Records from a collection
== Segment start ==
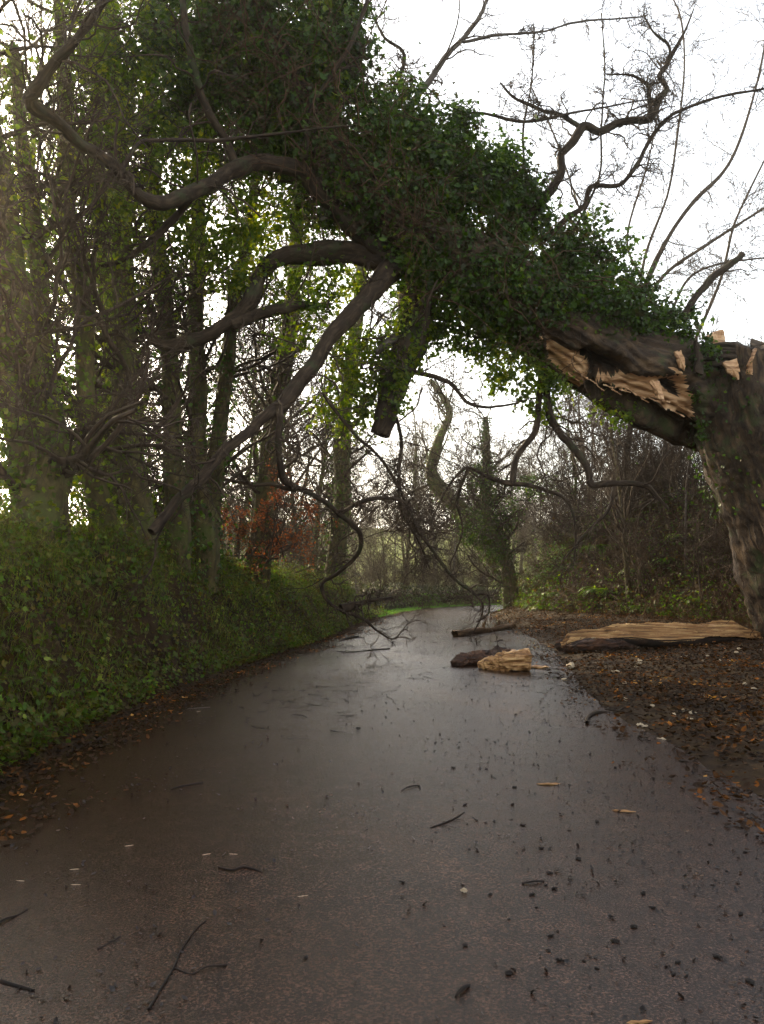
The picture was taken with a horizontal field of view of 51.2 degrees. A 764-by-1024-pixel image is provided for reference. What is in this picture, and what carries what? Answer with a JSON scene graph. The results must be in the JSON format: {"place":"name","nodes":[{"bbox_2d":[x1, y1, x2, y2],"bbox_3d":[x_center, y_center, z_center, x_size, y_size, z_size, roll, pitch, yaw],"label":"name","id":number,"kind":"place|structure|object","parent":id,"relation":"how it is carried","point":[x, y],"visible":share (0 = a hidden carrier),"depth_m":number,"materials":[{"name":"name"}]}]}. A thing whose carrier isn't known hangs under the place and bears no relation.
{"place":"outdoors","nodes":[
{"label":"outdoors","id":0,"kind":"place"},
{"bbox_2d":[0,604,763,1023],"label":"road","id":1,"kind":"structure","parent":0,"point":[342,878],"depth_m":4.13,"materials":[{"name":"grey asphalt"}]},
{"bbox_2d":[0,979,34,993],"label":"twig","id":2,"kind":"object","parent":1,"relation":"on","point":[11,984],"visible":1,"depth_m":2.87,"materials":[{"name":"brown wood"}]},
{"bbox_2d":[147,920,205,1010],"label":"twig","id":3,"kind":"object","parent":1,"relation":"on","point":[155,997],"visible":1,"depth_m":2.92,"materials":[{"name":"brown wood"}]},
{"bbox_2d":[174,964,226,974],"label":"twig","id":4,"kind":"object","parent":1,"relation":"on","point":[201,968],"visible":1,"depth_m":2.99,"materials":[{"name":"brown wood"}]},
{"bbox_2d":[218,866,261,871],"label":"twig","id":5,"kind":"object","parent":1,"relation":"on","point":[240,867],"visible":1,"depth_m":4.02,"materials":[{"name":"brown wood"}]},
{"bbox_2d":[0,616,763,1023],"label":"road grit","id":6,"kind":"object","parent":1,"relation":"on","point":[112,988],"visible":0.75,"depth_m":4.23,"materials":[{"name":"black gravel"}]},
{"bbox_2d":[121,593,652,746],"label":"twig litter","id":7,"kind":"object","parent":1,"relation":"on","point":[383,686],"visible":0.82,"depth_m":10.77,"materials":[{"name":"brown plant"}]},
{"bbox_2d":[455,983,470,996],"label":"leaf","id":8,"kind":"object","parent":1,"relation":"on","point":[462,988],"visible":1,"depth_m":2.82,"materials":[{"name":"brown plant"}]},
{"bbox_2d":[446,620,515,636],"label":"fallen branch","id":9,"kind":"object","parent":1,"relation":"on","point":[464,632],"visible":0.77,"depth_m":21.70,"materials":[{"name":"brown wood"}]},
{"bbox_2d":[450,645,531,670],"bbox_3d":[1.809,2.437,13.490,1.323,0.368,1.790,0,-5,0],"label":"broken log","id":10,"kind":"object","parent":1,"relation":"on","point":[509,660],"visible":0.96,"depth_m":12.82,"materials":[{"name":"brown wood"}]},
{"bbox_2d":[626,1020,652,1023],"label":"wood chip","id":11,"kind":"object","parent":1,"relation":"on","point":[639,1022],"visible":1,"depth_m":2.63,"materials":[{"name":"beige wood"}]},
{"bbox_2d":[0,499,763,798],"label":"ground","id":12,"kind":"structure","parent":0,"point":[708,762],"depth_m":11.15,"materials":[{"name":"soil"}]},
{"bbox_2d":[0,358,185,524],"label":"bare bush","id":13,"kind":"object","parent":12,"relation":"on","point":[75,502],"visible":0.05,"depth_m":12.77,"materials":[{"name":"brown plant"}]},
{"bbox_2d":[0,0,218,563],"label":"ivy clad tree","id":14,"kind":"object","parent":12,"relation":"on","point":[28,317],"visible":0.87,"depth_m":10.47,"materials":[{"name":"green plant"}]},
{"bbox_2d":[0,0,230,503],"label":"bare tree","id":15,"kind":"object","parent":12,"relation":"on","point":[45,43],"visible":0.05,"depth_m":16.92,"materials":[{"name":"brown plant"}]},
{"bbox_2d":[0,0,235,565],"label":"ivy clad tree","id":16,"kind":"object","parent":12,"relation":"on","point":[121,355],"visible":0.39,"depth_m":12.89,"materials":[{"name":"green plant"}]},
{"bbox_2d":[8,41,231,468],"bbox_3d":[-5.945,-4.444,17.521,5.320,12.547,7.705,1,-5,-9],"label":"bare tree","id":17,"kind":"object","parent":12,"relation":"on","point":[96,374],"depth_m":17.64,"materials":[{"name":"brown plant"}]},
{"bbox_2d":[0,0,244,556],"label":"ivy clad tree","id":18,"kind":"object","parent":12,"relation":"on","point":[83,372],"visible":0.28,"depth_m":12.10,"materials":[{"name":"green plant"}]},
{"bbox_2d":[0,0,270,523],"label":"ivy clad tree","id":19,"kind":"object","parent":12,"relation":"on","point":[196,273],"visible":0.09,"depth_m":14.02,"materials":[{"name":"green plant"}]},
{"bbox_2d":[35,0,258,584],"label":"ivy clad tree","id":20,"kind":"object","parent":12,"relation":"on","point":[185,542],"visible":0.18,"depth_m":13.98,"materials":[{"name":"green plant"}]},
{"bbox_2d":[79,302,240,531],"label":"bare tree","id":21,"kind":"object","parent":12,"relation":"on","point":[153,413],"visible":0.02,"depth_m":20.71,"materials":[{"name":"brown plant"}]},
{"bbox_2d":[82,409,241,553],"bbox_3d":[-4.234,-0.414,15.557,3.975,3.546,3.558,-3,-5,28],"label":"bare bush","id":22,"kind":"object","parent":12,"relation":"on","point":[155,489],"visible":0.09,"depth_m":14.85,"materials":[{"name":"brown plant"}]},
{"bbox_2d":[142,354,244,508],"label":"bare tree","id":23,"kind":"object","parent":12,"relation":"on","point":[161,432],"depth_m":48.28,"materials":[{"name":"brown plant"}]},
{"bbox_2d":[0,458,388,774],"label":"bank ivy","id":24,"kind":"object","parent":12,"relation":"on","point":[37,720],"visible":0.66,"depth_m":10.11,"materials":[{"name":"green plant"}]},
{"bbox_2d":[65,10,350,594],"bbox_3d":[-3.295,-5.108,15.732,5.837,13.492,5.583,4,-6,-40],"label":"ivy clad tree","id":25,"kind":"object","parent":12,"relation":"on","point":[220,405],"visible":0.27,"depth_m":15.13,"materials":[{"name":"green plant"}]},
{"bbox_2d":[144,257,331,558],"bbox_3d":[-4.257,-2.787,22.193,5.464,9.994,6.618,-4,-6,39],"label":"bare tree","id":26,"kind":"object","parent":12,"relation":"on","point":[252,406],"visible":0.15,"depth_m":22.57,"materials":[{"name":"brown plant"}]},
{"bbox_2d":[150,292,333,560],"bbox_3d":[-4.617,-2.480,25.982,5.609,10.260,6.794,4,-6,-42],"label":"bare tree","id":27,"kind":"object","parent":12,"relation":"on","point":[256,401],"visible":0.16,"depth_m":25.35,"materials":[{"name":"brown plant"}]},
{"bbox_2d":[220,479,305,562],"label":"bare bush","id":28,"kind":"object","parent":12,"relation":"on","point":[236,493],"visible":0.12,"depth_m":18.86,"materials":[{"name":"brown plant"}]},
{"bbox_2d":[222,466,330,577],"bbox_3d":[-2.761,0.387,23.839,3.871,3.858,4.325,3,-6,-34],"label":"bare bush","id":29,"kind":"object","parent":12,"relation":"on","point":[292,534],"visible":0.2,"depth_m":24.09,"materials":[{"name":"brown plant"}]},
{"bbox_2d":[184,88,370,608],"bbox_3d":[-2.593,-4.993,19.464,4.886,14.588,5.572,0,-5,0],"label":"ivy clad tree","id":30,"kind":"object","parent":12,"relation":"on","point":[260,492],"visible":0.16,"depth_m":18.86,"materials":[{"name":"green plant"}]},
{"bbox_2d":[220,459,343,596],"bbox_3d":[-2.416,0.454,17.664,2.922,3.186,2.455,5,-7,-43],"label":"beech shrub","id":31,"kind":"object","parent":12,"relation":"on","point":[275,540],"visible":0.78,"depth_m":17.22,"materials":[{"name":"orange plant"}]},
{"bbox_2d":[242,517,324,569],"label":"bare bush","id":32,"kind":"object","parent":12,"relation":"on","point":[299,555],"visible":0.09,"depth_m":30.00,"materials":[{"name":"brown plant"}]},
{"bbox_2d":[226,406,365,571],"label":"bare tree","id":33,"kind":"object","parent":12,"relation":"on","point":[308,498],"visible":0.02,"depth_m":40.55,"materials":[{"name":"brown plant"}]},
{"bbox_2d":[182,172,419,506],"bbox_3d":[-3.455,-5.567,28.230,9.566,17.229,11.454,3,-6,-33],"label":"bare tree","id":34,"kind":"object","parent":12,"relation":"on","point":[291,455],"visible":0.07,"depth_m":28.21,"materials":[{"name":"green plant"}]},
{"bbox_2d":[224,332,389,563],"bbox_3d":[-3.441,-2.310,33.530,6.386,11.682,7.736,4,-6,-37],"label":"bare tree","id":35,"kind":"object","parent":12,"relation":"on","point":[315,471],"visible":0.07,"depth_m":33.43,"materials":[{"name":"brown plant"}]},
{"bbox_2d":[274,506,348,573],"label":"bare bush","id":36,"kind":"object","parent":12,"relation":"on","point":[320,549],"visible":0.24,"depth_m":27.46,"materials":[{"name":"brown plant"}]},
{"bbox_2d":[285,511,365,575],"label":"bare bush","id":37,"kind":"object","parent":12,"relation":"on","point":[327,549],"visible":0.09,"depth_m":32.66,"materials":[{"name":"brown plant"}]},
{"bbox_2d":[279,296,397,571],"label":"bare tree","id":38,"kind":"object","parent":12,"relation":"on","point":[323,455],"visible":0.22,"depth_m":30.79,"materials":[{"name":"brown plant"}]},
{"bbox_2d":[304,403,394,575],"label":"bare tree","id":39,"kind":"object","parent":12,"relation":"on","point":[360,488],"visible":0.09,"depth_m":60.86,"materials":[{"name":"brown plant"}]},
{"bbox_2d":[322,428,392,587],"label":"bare tree","id":40,"kind":"object","parent":12,"relation":"on","point":[349,527],"visible":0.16,"depth_m":46.97,"materials":[{"name":"brown plant"}]},
{"bbox_2d":[324,545,393,588],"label":"bare bush","id":41,"kind":"object","parent":12,"relation":"on","point":[360,570],"visible":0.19,"depth_m":50.75,"materials":[{"name":"brown plant"}]},
{"bbox_2d":[284,35,441,575],"bbox_3d":[-0.746,-6.404,25.087,5.502,16.812,4.406,0,-5,0],"label":"ivy clad tree","id":42,"kind":"object","parent":12,"relation":"on","point":[340,488],"visible":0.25,"depth_m":24.07,"materials":[{"name":"green plant"}]},
{"bbox_2d":[348,546,396,587],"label":"bare bush","id":43,"kind":"object","parent":12,"relation":"on","point":[362,570],"visible":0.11,"depth_m":59.33,"materials":[{"name":"brown plant"}]},
{"bbox_2d":[338,530,407,589],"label":"bare bush","id":44,"kind":"object","parent":12,"relation":"on","point":[380,562],"visible":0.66,"depth_m":45.05,"materials":[{"name":"brown plant"}]},
{"bbox_2d":[356,489,395,581],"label":"bare tree","id":45,"kind":"object","parent":12,"relation":"on","point":[368,531],"visible":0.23,"depth_m":54.79,"materials":[{"name":"brown plant"}]},
{"bbox_2d":[347,463,412,585],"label":"bare tree","id":46,"kind":"object","parent":12,"relation":"on","point":[378,524],"visible":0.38,"depth_m":49.12,"materials":[{"name":"brown plant"}]},
{"bbox_2d":[0,0,763,662],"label":"broken tree","id":47,"kind":"object","parent":12,"relation":"on","point":[402,190],"visible":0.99,"depth_m":14.05,"materials":[{"name":"green plant"}]},
{"bbox_2d":[0,457,763,741],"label":"brambles","id":48,"kind":"object","parent":12,"relation":"on","point":[716,600],"visible":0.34,"depth_m":21.74,"materials":[{"name":"green plant"}]},
{"bbox_2d":[0,496,763,852],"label":"leaf litter","id":49,"kind":"object","parent":12,"relation":"on","point":[700,692],"visible":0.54,"depth_m":10.00,"materials":[{"name":"brown plant"}]},
{"bbox_2d":[370,432,411,587],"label":"bare tree","id":50,"kind":"object","parent":12,"relation":"on","point":[394,502],"visible":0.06,"depth_m":66.41,"materials":[{"name":"brown plant"}]},
{"bbox_2d":[363,541,424,587],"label":"bare bush","id":51,"kind":"object","parent":12,"relation":"on","point":[406,580],"visible":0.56,"depth_m":47.05,"materials":[{"name":"brown plant"}]},
{"bbox_2d":[366,441,437,571],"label":"bare tree","id":52,"kind":"object","parent":12,"relation":"on","point":[403,558],"visible":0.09,"depth_m":57.88,"materials":[{"name":"brown plant"}]},
{"bbox_2d":[360,387,463,589],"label":"bare tree","id":53,"kind":"object","parent":12,"relation":"on","point":[415,453],"visible":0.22,"depth_m":50.13,"materials":[{"name":"brown plant"}]},
{"bbox_2d":[362,398,469,581],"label":"bare tree","id":54,"kind":"object","parent":12,"relation":"on","point":[407,544],"visible":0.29,"depth_m":50.63,"materials":[{"name":"brown plant"}]},
{"bbox_2d":[388,540,444,590],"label":"bare bush","id":55,"kind":"object","parent":12,"relation":"on","point":[419,582],"visible":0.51,"depth_m":47.66,"materials":[{"name":"brown plant"}]},
{"bbox_2d":[381,402,478,585],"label":"bare tree","id":56,"kind":"object","parent":12,"relation":"on","point":[423,431],"visible":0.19,"depth_m":53.02,"materials":[{"name":"brown plant"}]},
{"bbox_2d":[367,591,496,617],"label":"verge grass","id":57,"kind":"structure","parent":12,"relation":"on","point":[400,609],"depth_m":41.77,"materials":[{"name":"green plant"}]},
{"bbox_2d":[405,541,471,589],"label":"bare bush","id":58,"kind":"object","parent":12,"relation":"on","point":[441,575],"visible":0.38,"depth_m":49.13,"materials":[{"name":"brown plant"}]},
{"bbox_2d":[357,581,533,609],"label":"hedge","id":59,"kind":"object","parent":12,"relation":"on","point":[408,589],"visible":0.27,"depth_m":42.70,"materials":[{"name":"green plant"}]},
{"bbox_2d":[379,344,520,582],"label":"leaning tree","id":60,"kind":"object","parent":12,"relation":"on","point":[438,440],"visible":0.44,"depth_m":37.16,"materials":[{"name":"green plant"}]},
{"bbox_2d":[428,456,473,572],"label":"bare tree","id":61,"kind":"object","parent":12,"relation":"on","point":[452,538],"visible":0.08,"depth_m":64.55,"materials":[{"name":"brown plant"}]},
{"bbox_2d":[412,405,495,590],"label":"bare tree","id":62,"kind":"object","parent":12,"relation":"on","point":[461,443],"visible":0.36,"depth_m":52.45,"materials":[{"name":"brown plant"}]},
{"bbox_2d":[433,548,489,589],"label":"bare bush","id":63,"kind":"object","parent":12,"relation":"on","point":[460,579],"visible":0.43,"depth_m":50.81,"materials":[{"name":"brown plant"}]},
{"bbox_2d":[418,469,513,589],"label":"bare tree","id":64,"kind":"object","parent":12,"relation":"on","point":[457,555],"visible":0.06,"depth_m":54.66,"materials":[{"name":"brown plant"}]},
{"bbox_2d":[448,552,494,589],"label":"bare bush","id":65,"kind":"object","parent":12,"relation":"on","point":[480,568],"visible":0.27,"depth_m":51.81,"materials":[{"name":"brown plant"}]},
{"bbox_2d":[459,548,498,587],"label":"bare bush","id":66,"kind":"object","parent":12,"relation":"on","point":[476,572],"visible":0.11,"depth_m":56.38,"materials":[{"name":"brown plant"}]},
{"bbox_2d":[438,409,531,588],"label":"bare tree","id":67,"kind":"object","parent":12,"relation":"on","point":[479,552],"visible":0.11,"depth_m":54.71,"materials":[{"name":"brown plant"}]},
{"bbox_2d":[462,409,528,588],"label":"bare tree","id":68,"kind":"object","parent":12,"relation":"on","point":[502,444],"visible":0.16,"depth_m":57.69,"materials":[{"name":"brown plant"}]},
{"bbox_2d":[437,374,558,610],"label":"bushy ivy tree","id":69,"kind":"object","parent":12,"relation":"on","point":[504,553],"visible":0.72,"depth_m":34.78,"materials":[{"name":"green plant"}]},
{"bbox_2d":[497,455,543,570],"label":"bare tree","id":70,"kind":"object","parent":12,"relation":"on","point":[516,531],"visible":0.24,"depth_m":56.27,"materials":[{"name":"brown plant"}]},
{"bbox_2d":[506,497,540,577],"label":"bare tree","id":71,"kind":"object","parent":12,"relation":"on","point":[520,502],"visible":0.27,"depth_m":59.74,"materials":[{"name":"brown plant"}]},
{"bbox_2d":[514,553,533,588],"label":"bare bush","id":72,"kind":"object","parent":12,"relation":"on","point":[524,572],"visible":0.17,"depth_m":56.77,"materials":[{"name":"brown plant"}]},
{"bbox_2d":[502,420,553,574],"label":"bare tree","id":73,"kind":"object","parent":12,"relation":"on","point":[532,468],"visible":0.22,"depth_m":62.42,"materials":[{"name":"brown plant"}]},
{"bbox_2d":[501,424,557,573],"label":"bare tree","id":74,"kind":"object","parent":12,"relation":"on","point":[521,555],"visible":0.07,"depth_m":87.41,"materials":[{"name":"brown plant"}]},
{"bbox_2d":[509,451,563,569],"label":"bare tree","id":75,"kind":"object","parent":12,"relation":"on","point":[536,525],"visible":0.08,"depth_m":76.54,"materials":[{"name":"brown plant"}]},
{"bbox_2d":[512,465,563,573],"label":"bare tree","id":76,"kind":"object","parent":12,"relation":"on","point":[535,529],"visible":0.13,"depth_m":70.34,"materials":[{"name":"brown plant"}]},
{"bbox_2d":[519,500,567,565],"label":"bare bush","id":77,"kind":"object","parent":12,"relation":"on","point":[535,549],"visible":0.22,"depth_m":38.44,"materials":[{"name":"brown plant"}]},
{"bbox_2d":[501,387,612,554],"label":"bare tree","id":78,"kind":"object","parent":12,"relation":"on","point":[574,472],"visible":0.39,"depth_m":31.75,"materials":[{"name":"brown plant"}]},
{"bbox_2d":[511,396,603,534],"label":"bare tree","id":79,"kind":"object","parent":12,"relation":"on","point":[542,439],"visible":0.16,"depth_m":39.70,"materials":[{"name":"brown plant"}]},
{"bbox_2d":[510,452,605,550],"bbox_3d":[8.186,-0.255,34.618,4.614,4.597,5.154,-2,-5,22],"label":"bare bush","id":80,"kind":"object","parent":12,"relation":"on","point":[551,503],"visible":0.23,"depth_m":33.81,"materials":[{"name":"brown plant"}]},
{"bbox_2d":[535,476,614,557],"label":"bare bush","id":81,"kind":"object","parent":12,"relation":"on","point":[572,529],"visible":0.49,"depth_m":30.18,"materials":[{"name":"brown plant"}]},
{"bbox_2d":[517,394,658,515],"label":"bare tree","id":82,"kind":"object","parent":12,"relation":"on","point":[578,408],"visible":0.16,"depth_m":41.59,"materials":[{"name":"brown plant"}]},
{"bbox_2d":[576,586,609,597],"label":"fern","id":83,"kind":"object","parent":12,"relation":"on","point":[596,589],"visible":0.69,"depth_m":27.34,"materials":[{"name":"green plant"}]},
{"bbox_2d":[576,544,613,556],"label":"fern","id":84,"kind":"object","parent":12,"relation":"on","point":[594,547],"visible":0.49,"depth_m":28.50,"materials":[{"name":"green plant"}]},
{"bbox_2d":[562,393,632,517],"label":"bare tree","id":85,"kind":"object","parent":12,"relation":"on","point":[592,441],"visible":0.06,"depth_m":35.20,"materials":[{"name":"brown plant"}]},
{"bbox_2d":[558,399,639,462],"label":"bare tree","id":86,"kind":"object","parent":12,"relation":"on","point":[599,429],"visible":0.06,"depth_m":33.34,"materials":[{"name":"brown plant"}]},
{"bbox_2d":[585,702,641,723],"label":"twig","id":87,"kind":"object","parent":12,"relation":"on","point":[590,714],"visible":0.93,"depth_m":8.80,"materials":[{"name":"brown wood"}]},
{"bbox_2d":[540,393,702,603],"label":"bare tree","id":88,"kind":"object","parent":12,"relation":"on","point":[615,461],"visible":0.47,"depth_m":26.77,"materials":[{"name":"brown plant"}]},
{"bbox_2d":[586,411,656,519],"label":"bare tree","id":89,"kind":"object","parent":12,"relation":"on","point":[620,448],"visible":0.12,"depth_m":29.05,"materials":[{"name":"brown plant"}]},
{"bbox_2d":[508,460,751,624],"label":"undergrowth","id":90,"kind":"object","parent":12,"relation":"on","point":[602,599],"visible":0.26,"depth_m":26.76,"materials":[{"name":"green plant"}]},
{"bbox_2d":[585,432,680,512],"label":"bare bush","id":91,"kind":"object","parent":12,"relation":"on","point":[636,472],"visible":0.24,"depth_m":28.98,"materials":[{"name":"brown plant"}]},
{"bbox_2d":[504,0,763,504],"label":"bare tree","id":92,"kind":"object","parent":12,"relation":"on","point":[680,262],"visible":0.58,"depth_m":29.95,"materials":[{"name":"brown plant"}]},
{"bbox_2d":[572,420,695,513],"bbox_3d":[9.101,-1.766,30.084,4.609,4.592,5.148,4,-6,-38],"label":"bare bush","id":93,"kind":"object","parent":12,"relation":"on","point":[635,465],"visible":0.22,"depth_m":29.14,"materials":[{"name":"brown plant"}]},
{"bbox_2d":[581,437,705,507],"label":"bare bush","id":94,"kind":"object","parent":12,"relation":"on","point":[635,461],"visible":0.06,"depth_m":30.86,"materials":[{"name":"brown plant"}]},
{"bbox_2d":[581,487,711,603],"bbox_3d":[8.916,1.045,26.260,4.403,3.928,3.942,1,-5,-15],"label":"bare bush","id":95,"kind":"object","parent":12,"relation":"on","point":[636,549],"visible":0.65,"depth_m":25.82,"materials":[{"name":"brown plant"}]},
{"bbox_2d":[593,420,699,510],"bbox_3d":[9.603,-1.702,29.298,4.304,4.288,4.808,3,-6,-30],"label":"bare bush","id":96,"kind":"object","parent":12,"relation":"on","point":[648,447],"visible":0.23,"depth_m":28.42,"materials":[{"name":"brown plant"}]},
{"bbox_2d":[596,429,703,503],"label":"bare bush","id":97,"kind":"object","parent":12,"relation":"on","point":[655,462],"visible":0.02,"depth_m":30.73,"materials":[{"name":"brown plant"}]},
{"bbox_2d":[555,619,762,652],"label":"split log","id":98,"kind":"object","parent":12,"relation":"on","point":[635,635],"visible":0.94,"depth_m":15.76,"materials":[{"name":"brown wood"}]},
{"bbox_2d":[598,310,731,571],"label":"bare tree","id":99,"kind":"object","parent":12,"relation":"on","point":[671,468],"visible":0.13,"depth_m":24.96,"materials":[{"name":"brown plant"}]},
{"bbox_2d":[625,430,713,515],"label":"bare bush","id":100,"kind":"object","parent":12,"relation":"on","point":[691,463],"visible":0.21,"depth_m":26.38,"materials":[{"name":"brown plant"}]},
{"bbox_2d":[618,473,735,612],"bbox_3d":[9.954,0.670,22.707,4.603,4.587,5.142,2,-5,-25],"label":"bare bush","id":101,"kind":"object","parent":12,"relation":"on","point":[700,553],"visible":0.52,"depth_m":23.16,"materials":[{"name":"brown plant"}]},
{"bbox_2d":[666,506,738,593],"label":"bare bush","id":102,"kind":"object","parent":12,"relation":"on","point":[726,547],"visible":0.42,"depth_m":20.67,"materials":[{"name":"brown plant"}]},
{"bbox_2d":[736,328,763,346],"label":"bare tree","id":103,"kind":"object","parent":12,"relation":"on","point":[748,338],"visible":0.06,"depth_m":28.88,"materials":[{"name":"brown plant"}]},
{"bbox_2d":[0,0,763,528],"label":"sky","id":104,"kind":"structure","parent":0,"point":[427,24],"materials":[{"name":"white"}]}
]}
== Segment end ==
[What you have to do]: Your answer should be every line above that contains the word "outdoors".

[Exercise answer]:
{"place":"outdoors","nodes":[
{"label":"outdoors","id":0,"kind":"place"},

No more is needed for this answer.